▸ HOW TO COMPLETE THIS TASK: The response has to reproduce all entries exactly while excluding their pictures.

▸ SUPPLIED INFORMATION:

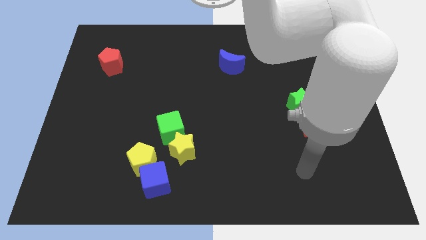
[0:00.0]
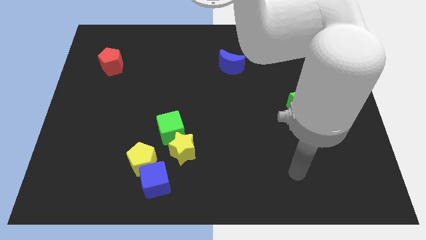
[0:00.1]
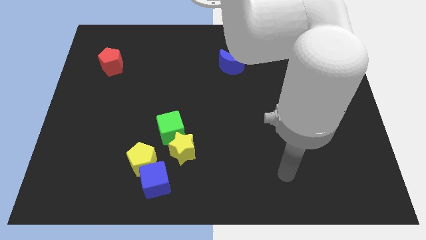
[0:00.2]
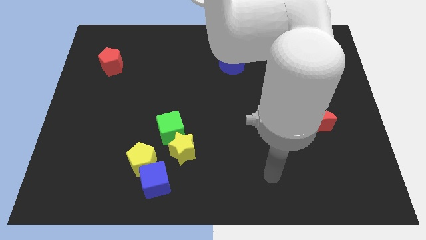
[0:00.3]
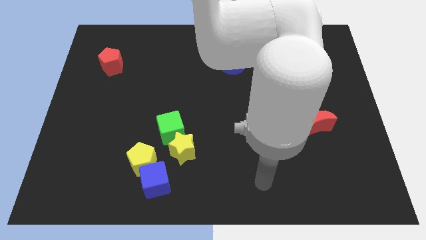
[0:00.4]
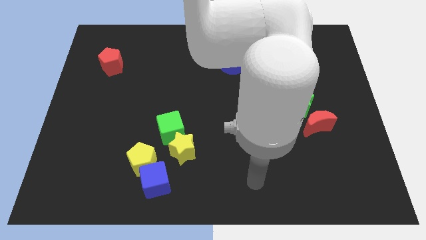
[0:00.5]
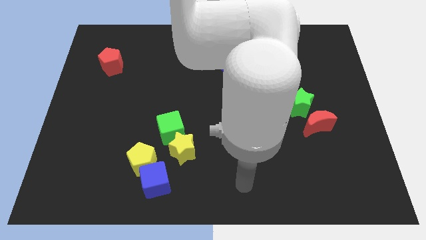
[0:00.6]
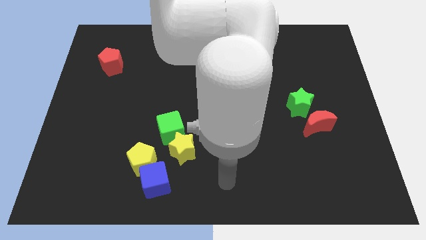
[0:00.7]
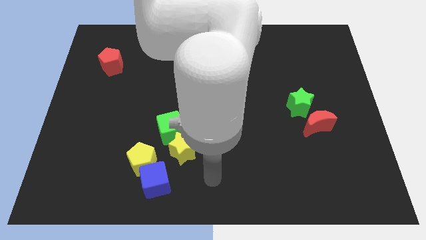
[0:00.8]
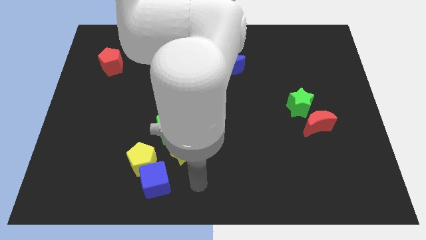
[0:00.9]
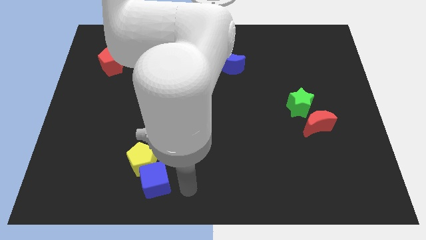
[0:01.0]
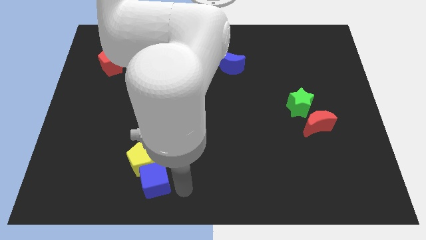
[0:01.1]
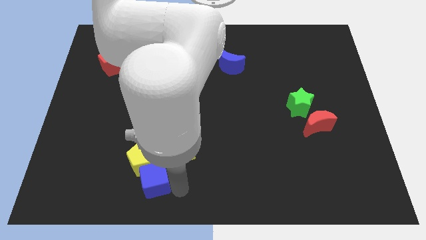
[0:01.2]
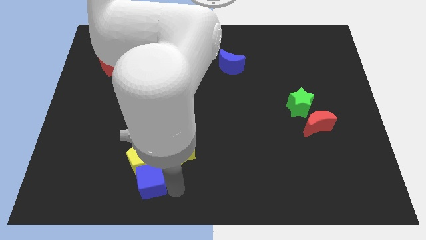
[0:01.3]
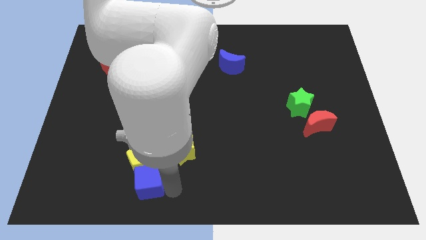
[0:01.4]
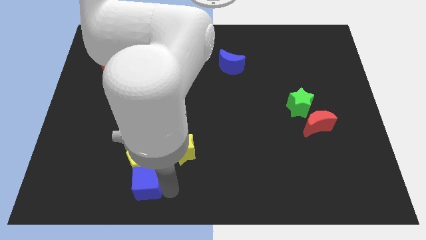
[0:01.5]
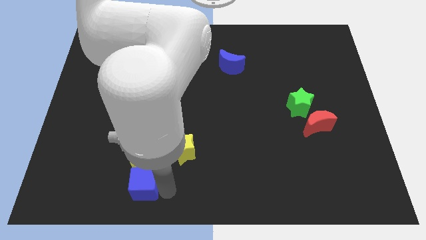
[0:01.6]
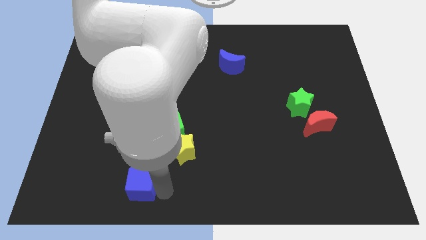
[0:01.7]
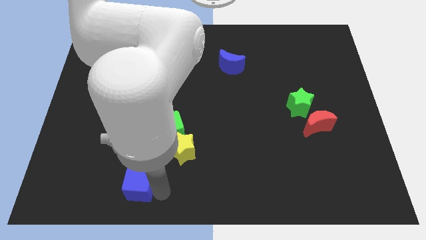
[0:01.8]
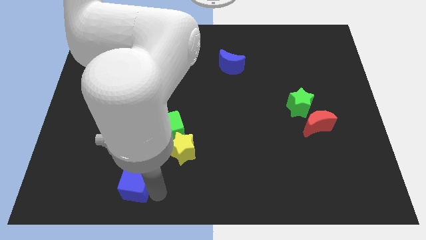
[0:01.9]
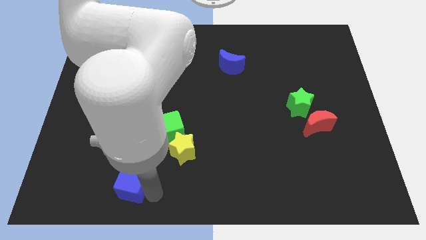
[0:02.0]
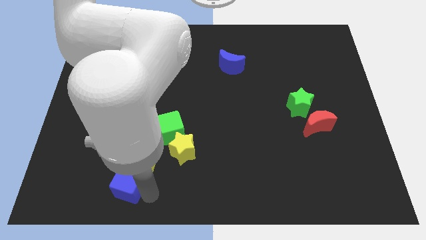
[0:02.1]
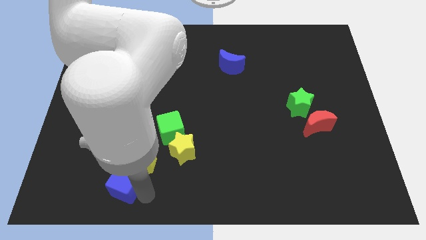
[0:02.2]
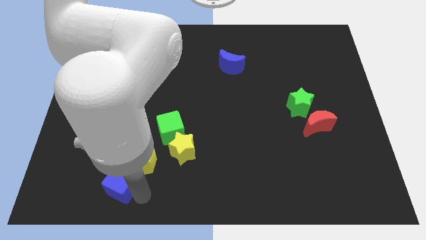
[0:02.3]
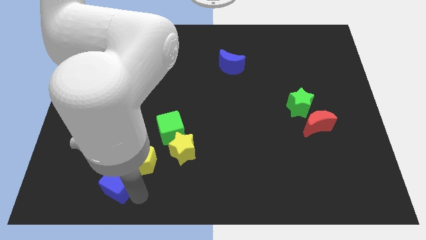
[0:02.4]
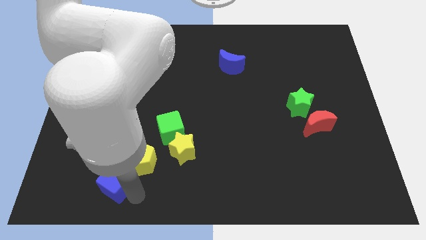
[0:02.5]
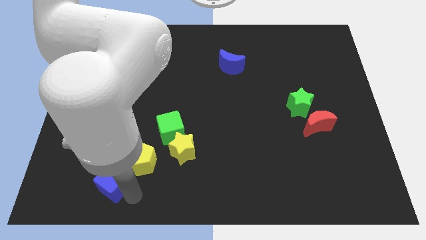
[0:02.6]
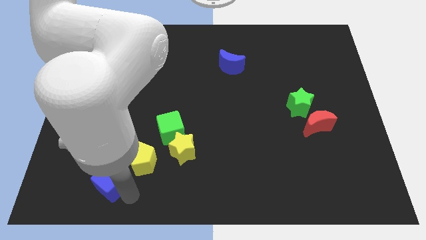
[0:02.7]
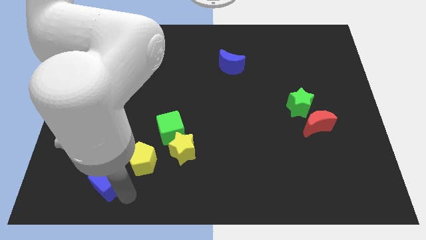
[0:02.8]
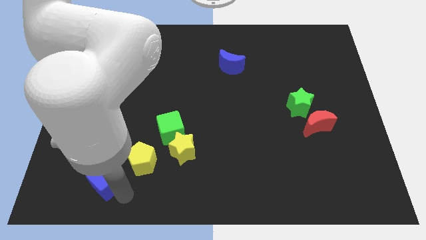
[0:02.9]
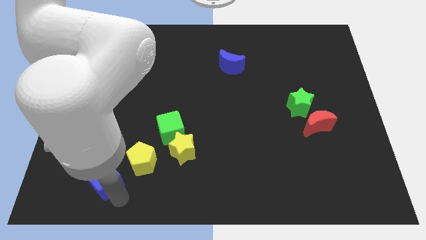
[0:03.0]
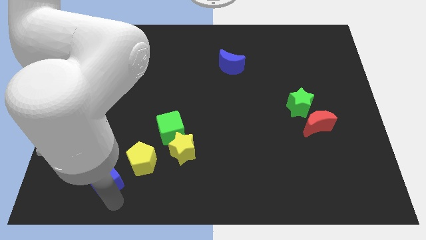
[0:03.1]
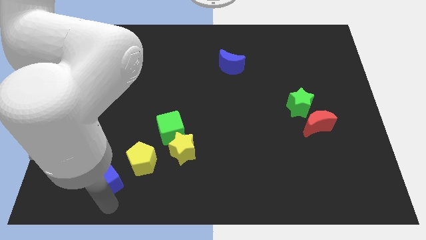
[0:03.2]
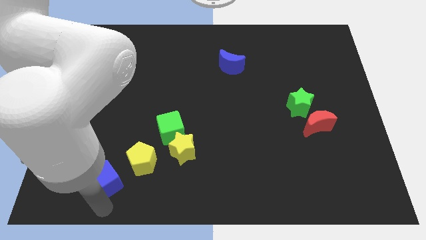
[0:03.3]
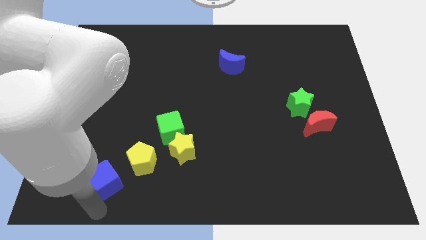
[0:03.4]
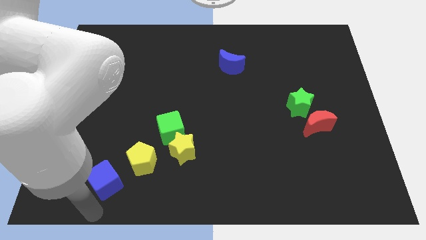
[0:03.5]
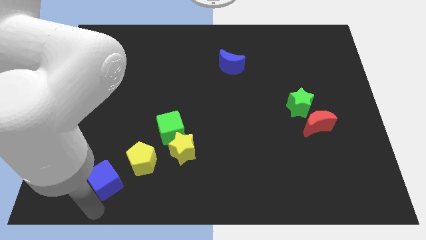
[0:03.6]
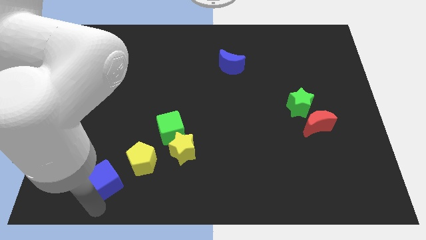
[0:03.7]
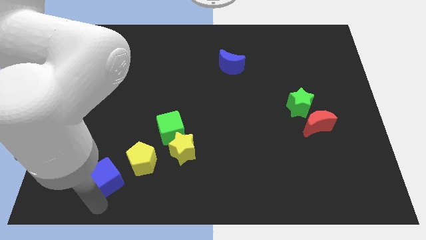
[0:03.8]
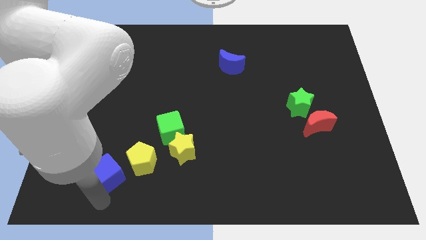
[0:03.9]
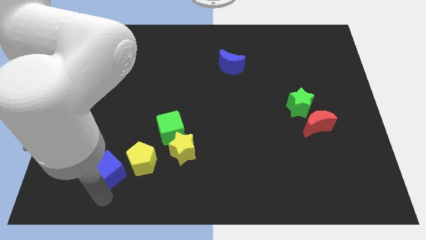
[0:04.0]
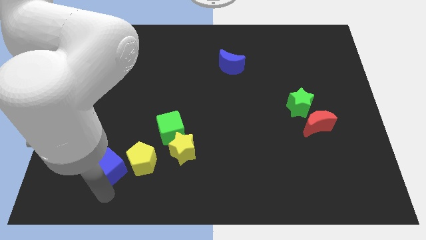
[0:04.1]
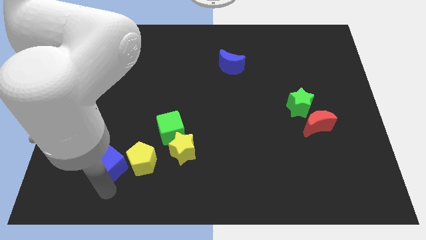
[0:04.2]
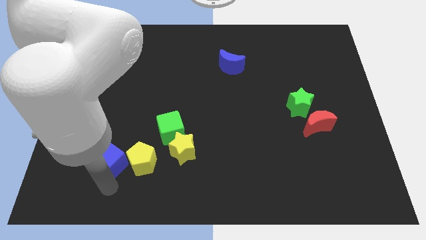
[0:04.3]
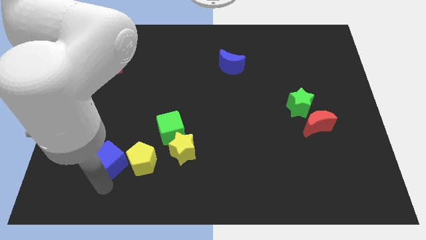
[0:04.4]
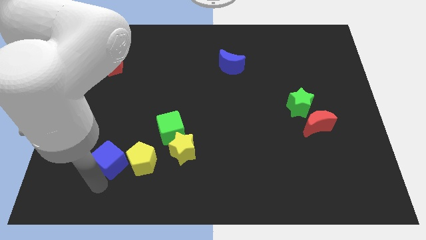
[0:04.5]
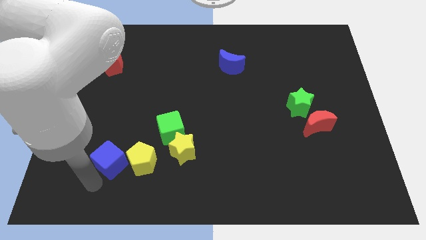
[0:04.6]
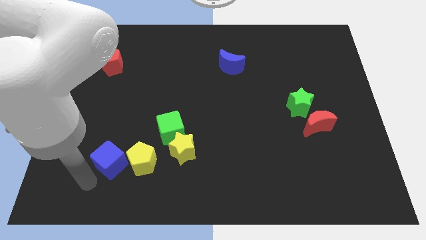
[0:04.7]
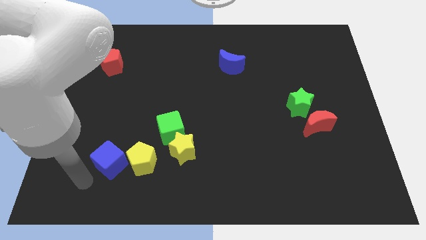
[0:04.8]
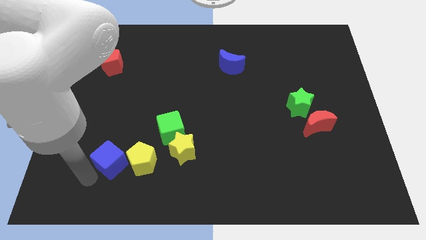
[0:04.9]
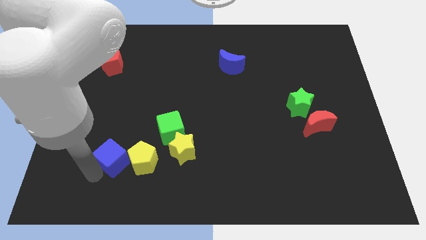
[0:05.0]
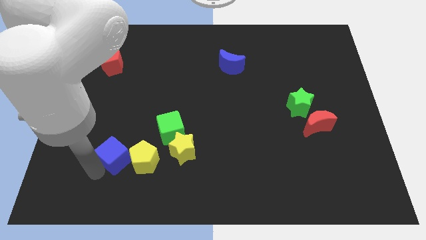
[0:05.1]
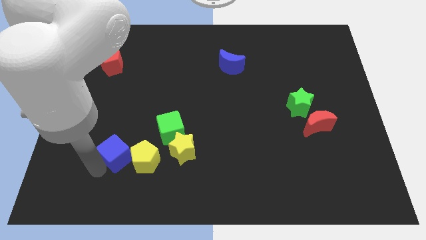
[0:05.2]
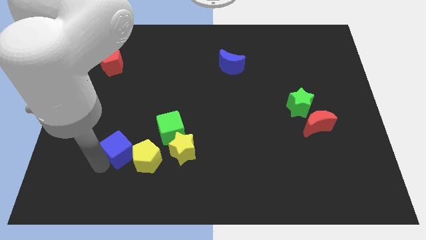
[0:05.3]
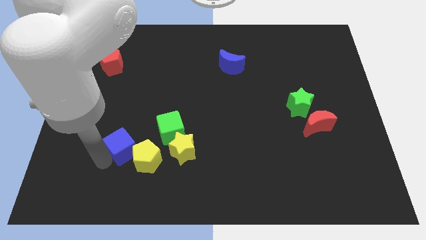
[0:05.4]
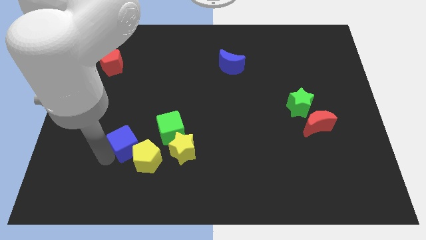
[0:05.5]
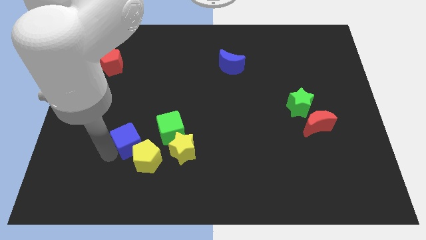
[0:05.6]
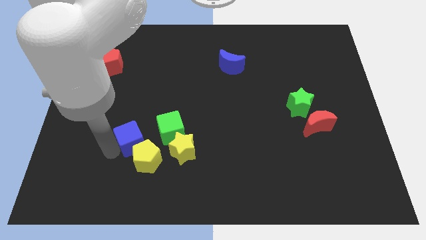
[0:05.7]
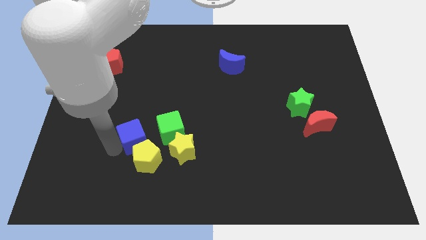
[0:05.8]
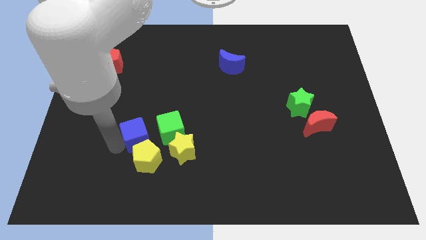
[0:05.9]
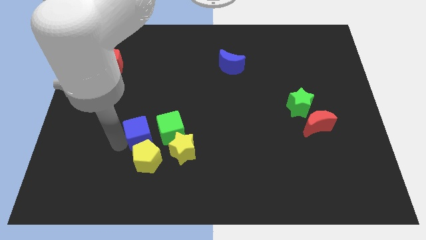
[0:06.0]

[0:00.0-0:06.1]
push the blue cube diagonally up and to the left of the yellow star

▸ RESPONSE TO THIS EXERCISE:
[0:00.0]
[0:00.1]
[0:00.2]
[0:00.3]
[0:00.4]
[0:00.5]
[0:00.6]
[0:00.7]
[0:00.8]
[0:00.9]
[0:01.0]
[0:01.1]
[0:01.2]
[0:01.3]
[0:01.4]
[0:01.5]
[0:01.6]
[0:01.7]
[0:01.8]
[0:01.9]
[0:02.0]
[0:02.1]
[0:02.2]
[0:02.3]
[0:02.4]
[0:02.5]
[0:02.6]
[0:02.7]
[0:02.8]
[0:02.9]
[0:03.0]
[0:03.1]
[0:03.2]
[0:03.3]
[0:03.4]
[0:03.5]
[0:03.6]
[0:03.7]
[0:03.8]
[0:03.9]
[0:04.0]
[0:04.1]
[0:04.2]
[0:04.3]
[0:04.4]
[0:04.5]
[0:04.6]
[0:04.7]
[0:04.8]
[0:04.9]
[0:05.0]
[0:05.1]
[0:05.2]
[0:05.3]
[0:05.4]
[0:05.5]
[0:05.6]
[0:05.7]
[0:05.8]
[0:05.9]
[0:06.0]

[0:00.0-0:06.1]
push the blue cube diagonally up and to the left of the yellow star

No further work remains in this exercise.